Suppose his log looks like this:
> git log --oneline --graph
* f01c8d1 (HEAD -> wechat) refactor: improve project layout
* 2f9c867 feat: add rest api to create card
* 5d5242b feat: custom wechat card background
* 873e6ca fix: wechat card slow query
* 0dd06a9 fix: 500 when user unsubscribe
* fb91f98 (origin/master, master) feat: implement wechat card
* 176b4f0 feat: implement membership level
* 2727226 migration: add Settings.enable_level
...
Then the following commands are completely equivalent:
# view diff from master to wechat
> git diff master..wechat
# view diff from master to current (HEAD means current position, i.e. wechat branch)
> git diff master..HEAD
# view diff from master to current (HEAD is the default, can be omitted)
> git diff master
# view diff from master's commit to current
> git diff fb91f98
# view diff from five Commits ago to current (master branch is five Commits ago)
> git diff HEAD~5
So we could also say “Branch is a special Commit”.
Once you understand this,
when you look at most Git commands again,
you’ll find they’re all in the form git <operation> <range> -- <files>....
For example, to view what’s being released today is git diff master..release,
to roll back a file to 200 Commits ago is git checkout HEAD~200 -- some/path/some/file.txt,
to view the change history of a single file is git log -- some/path/some/file.txt
Repository
A Repository contains all the operation history.

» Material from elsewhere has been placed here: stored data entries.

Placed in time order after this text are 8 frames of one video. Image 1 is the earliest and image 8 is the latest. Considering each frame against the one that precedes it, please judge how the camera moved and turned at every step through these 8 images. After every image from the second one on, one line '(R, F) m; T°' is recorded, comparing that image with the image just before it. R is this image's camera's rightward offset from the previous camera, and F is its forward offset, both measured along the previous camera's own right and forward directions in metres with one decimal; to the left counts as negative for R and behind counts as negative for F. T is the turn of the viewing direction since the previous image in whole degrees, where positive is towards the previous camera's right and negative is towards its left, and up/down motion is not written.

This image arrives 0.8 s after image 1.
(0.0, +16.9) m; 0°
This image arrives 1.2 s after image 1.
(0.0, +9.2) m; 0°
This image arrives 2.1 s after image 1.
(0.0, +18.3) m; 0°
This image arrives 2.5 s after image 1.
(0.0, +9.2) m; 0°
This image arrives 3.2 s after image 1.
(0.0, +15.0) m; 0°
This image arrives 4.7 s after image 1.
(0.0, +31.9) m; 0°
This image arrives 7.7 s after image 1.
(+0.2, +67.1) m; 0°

The git init command can initialize a Repository.
A Git Repository structure might look like this:
- .git/
- hooks/
- objects/
- refs/
- HEAD
- config
- ForgiveDB/
- README.md
- requirements.txt
The .git directory here stores all the history of Line Diff, Commit, Branch mentioned above.
Just like the example with large binary files,
this might store several hundred MB of file history.
Remote
A Remote is just a Repository that lives somewhere else.

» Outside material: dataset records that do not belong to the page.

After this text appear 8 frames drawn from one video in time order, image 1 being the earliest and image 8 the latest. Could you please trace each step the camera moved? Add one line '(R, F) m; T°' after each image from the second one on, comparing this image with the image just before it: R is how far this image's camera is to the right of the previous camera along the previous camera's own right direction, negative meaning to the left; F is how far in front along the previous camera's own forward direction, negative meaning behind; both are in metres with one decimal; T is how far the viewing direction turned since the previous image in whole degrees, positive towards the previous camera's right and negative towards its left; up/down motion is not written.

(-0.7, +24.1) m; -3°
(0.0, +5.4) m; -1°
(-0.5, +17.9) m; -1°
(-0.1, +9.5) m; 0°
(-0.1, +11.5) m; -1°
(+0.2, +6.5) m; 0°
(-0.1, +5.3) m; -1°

The same Repository can have multiple Remotes added.
Aside from basic operations like push/pull/fetch,
there’s also a rather slick design about Remote:
Git supports local Remotes.
For example, sample commands are as follows:
# Suppose there's a Repository at /home/lirian/chinese-calendar on the server
> cd /home/lirian
# Clone it to somewhere
> git clone chinese-calendar /opt/git/repo/chinese-calendar --bare
# Another user on the same server can clone this Repository
> cd /home/ldsink && git clone file:///opt/git/repo/chinese-calendar && git remote -v
origin file:///opt/git/repo/chinese-calendar (fetch)
origin file:///opt/git/repo/chinese-calendar (push)
With this kind of design,
Remote/Repository are completely separate.
History can still be modified even when offline.
We can even treat Remote as a special kind of Branch.
For instance, fork - pull request is an application of this pattern.
Epilogue
Some examples in this article are just a taste.
Interested readers can try thinking about implementations for these extension questions:
- Regarding Line Diff: how similar do two modified files have to be for Git to recognize a rename?
- Regarding Commit: how to modify a Commit’s Author? Can you see the Committer on GitHub?
- Regarding Branch: how to delete a remote branch? Can the Commit produced by
git stashbe operated on like a Branch? - Regarding Repository: after deleting a branch, does the Git directory get smaller?
- Regarding Remote: what does the
--bareflag used in the article mean?
In Git’s design philosophy, another very powerful part is its History management,
which is another topic worth detailing.
Overall, in my eyes Git is a scientific and powerful tool.
The reasons Git is excellent are:
- Orthogonal design: clear term definitions, few overlapping concepts, strong expressive power.
- Solid implementation: rich secondary terminology, complete command parameters, fits real application scenarios.
(End)